--- START ---
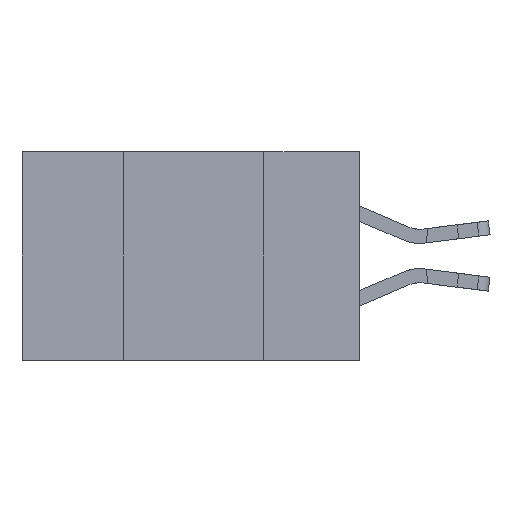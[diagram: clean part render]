
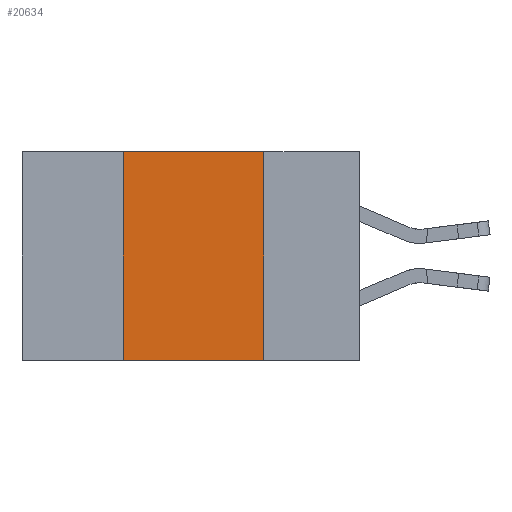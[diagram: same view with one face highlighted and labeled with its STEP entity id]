
A CAD part, left-side view. The second image highlights one B-rep face of the part: STEP entity #20634.
In plain terms, the highlighted planar face has unit normal (-1, 0, 0).
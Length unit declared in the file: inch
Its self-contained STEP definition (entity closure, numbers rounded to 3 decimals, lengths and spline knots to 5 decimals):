
#841 = VERTEX_POINT ( 'NONE', #22256 ) ;
#1084 = EDGE_LOOP ( 'NONE', ( #7433, #5227, #16053, #12291 ) ) ;
#3613 = CARTESIAN_POINT ( 'NONE',  ( 0., 0.17, -0.37 ) ) ;
#3988 = CARTESIAN_POINT ( 'NONE',  ( 0., 0.42, 0. ) ) ;
#4486 = CARTESIAN_POINT ( 'NONE',  ( 0., 0.42, 0. ) ) ;
#4824 = AXIS2_PLACEMENT_3D ( 'NONE', #20534, #18455, #7616 ) ;
#5227 = ORIENTED_EDGE ( 'NONE', *, *, #9123, .F. ) ;
#6028 = EDGE_CURVE ( 'NONE', #841, #21930, #12248, .T. ) ;
#7022 = VERTEX_POINT ( 'NONE', #4486 ) ;
#7087 = VECTOR ( 'NONE', #22279, 39.37008 ) ;
#7251 = LINE ( 'NONE', #26526, #23595 ) ;
#7433 = ORIENTED_EDGE ( 'NONE', *, *, #6028, .F. ) ;
#7616 = DIRECTION ( 'NONE',  ( 0., 0., -1. ) ) ;
#9123 = EDGE_CURVE ( 'NONE', #7022, #841, #24206, .T. ) ;
#12248 = LINE ( 'NONE', #20691, #14185 ) ;
#12291 = ORIENTED_EDGE ( 'NONE', *, *, #25486, .T. ) ;
#13077 = DIRECTION ( 'NONE',  ( 0., 0., -1. ) ) ;
#14185 = VECTOR ( 'NONE', #13077, 39.37008 ) ;
#15747 = DIRECTION ( 'NONE',  ( 0., -1., 0. ) ) ;
#16053 = ORIENTED_EDGE ( 'NONE', *, *, #21237, .F. ) ;
#16104 = PLANE ( 'NONE',  #4824 ) ;
#18455 = DIRECTION ( 'NONE',  ( 1., 0., 0. ) ) ;
#20480 = CARTESIAN_POINT ( 'NONE',  ( 0., 0.6, 0. ) ) ;
#20534 = CARTESIAN_POINT ( 'NONE',  ( 0., 0.6, 0. ) ) ;
#20634 = ADVANCED_FACE ( 'NONE', ( #22463 ), #16104, .F. ) ;
#20646 = VERTEX_POINT ( 'NONE', #24536 ) ;
#20691 = CARTESIAN_POINT ( 'NONE',  ( 0., 0.17, 0. ) ) ;
#21237 = EDGE_CURVE ( 'NONE', #20646, #7022, #22961, .T. ) ;
#21930 = VERTEX_POINT ( 'NONE', #3613 ) ;
#22256 = CARTESIAN_POINT ( 'NONE',  ( 0., 0.17, 0. ) ) ;
#22279 = DIRECTION ( 'NONE',  ( 0., -1., 0. ) ) ;
#22463 = FACE_OUTER_BOUND ( 'NONE', #1084, .T. ) ;
#22961 = LINE ( 'NONE', #3988, #25660 ) ;
#23595 = VECTOR ( 'NONE', #15747, 39.37008 ) ;
#24206 = LINE ( 'NONE', #20480, #7087 ) ;
#24536 = CARTESIAN_POINT ( 'NONE',  ( 0., 0.42, -0.37 ) ) ;
#25486 = EDGE_CURVE ( 'NONE', #20646, #21930, #7251, .T. ) ;
#25594 = DIRECTION ( 'NONE',  ( 0., 0., 1. ) ) ;
#25660 = VECTOR ( 'NONE', #25594, 39.37008 ) ;
#26526 = CARTESIAN_POINT ( 'NONE',  ( 0., 0.6, -0.37 ) ) ;
--- END ---
# DIRECTIONS FOR THIS TASK
Starting with the line above that holds "#7087 = VECTOR ( 'NONE', #22279, 39.37008 ) ;" and stopping with the line that holds "#24536 = CARTESIAN_POINT", reproduce each line exactly, omitting all other lines.

# WRITTEN SOLUTION
#7087 = VECTOR ( 'NONE', #22279, 39.37008 ) ;
#7251 = LINE ( 'NONE', #26526, #23595 ) ;
#7433 = ORIENTED_EDGE ( 'NONE', *, *, #6028, .F. ) ;
#7616 = DIRECTION ( 'NONE',  ( 0., 0., -1. ) ) ;
#9123 = EDGE_CURVE ( 'NONE', #7022, #841, #24206, .T. ) ;
#12248 = LINE ( 'NONE', #20691, #14185 ) ;
#12291 = ORIENTED_EDGE ( 'NONE', *, *, #25486, .T. ) ;
#13077 = DIRECTION ( 'NONE',  ( 0., 0., -1. ) ) ;
#14185 = VECTOR ( 'NONE', #13077, 39.37008 ) ;
#15747 = DIRECTION ( 'NONE',  ( 0., -1., 0. ) ) ;
#16053 = ORIENTED_EDGE ( 'NONE', *, *, #21237, .F. ) ;
#16104 = PLANE ( 'NONE',  #4824 ) ;
#18455 = DIRECTION ( 'NONE',  ( 1., 0., 0. ) ) ;
#20480 = CARTESIAN_POINT ( 'NONE',  ( 0., 0.6, 0. ) ) ;
#20534 = CARTESIAN_POINT ( 'NONE',  ( 0., 0.6, 0. ) ) ;
#20634 = ADVANCED_FACE ( 'NONE', ( #22463 ), #16104, .F. ) ;
#20646 = VERTEX_POINT ( 'NONE', #24536 ) ;
#20691 = CARTESIAN_POINT ( 'NONE',  ( 0., 0.17, 0. ) ) ;
#21237 = EDGE_CURVE ( 'NONE', #20646, #7022, #22961, .T. ) ;
#21930 = VERTEX_POINT ( 'NONE', #3613 ) ;
#22256 = CARTESIAN_POINT ( 'NONE',  ( 0., 0.17, 0. ) ) ;
#22279 = DIRECTION ( 'NONE',  ( 0., -1., 0. ) ) ;
#22463 = FACE_OUTER_BOUND ( 'NONE', #1084, .T. ) ;
#22961 = LINE ( 'NONE', #3988, #25660 ) ;
#23595 = VECTOR ( 'NONE', #15747, 39.37008 ) ;
#24206 = LINE ( 'NONE', #20480, #7087 ) ;
#24536 = CARTESIAN_POINT ( 'NONE',  ( 0., 0.42, -0.37 ) ) ;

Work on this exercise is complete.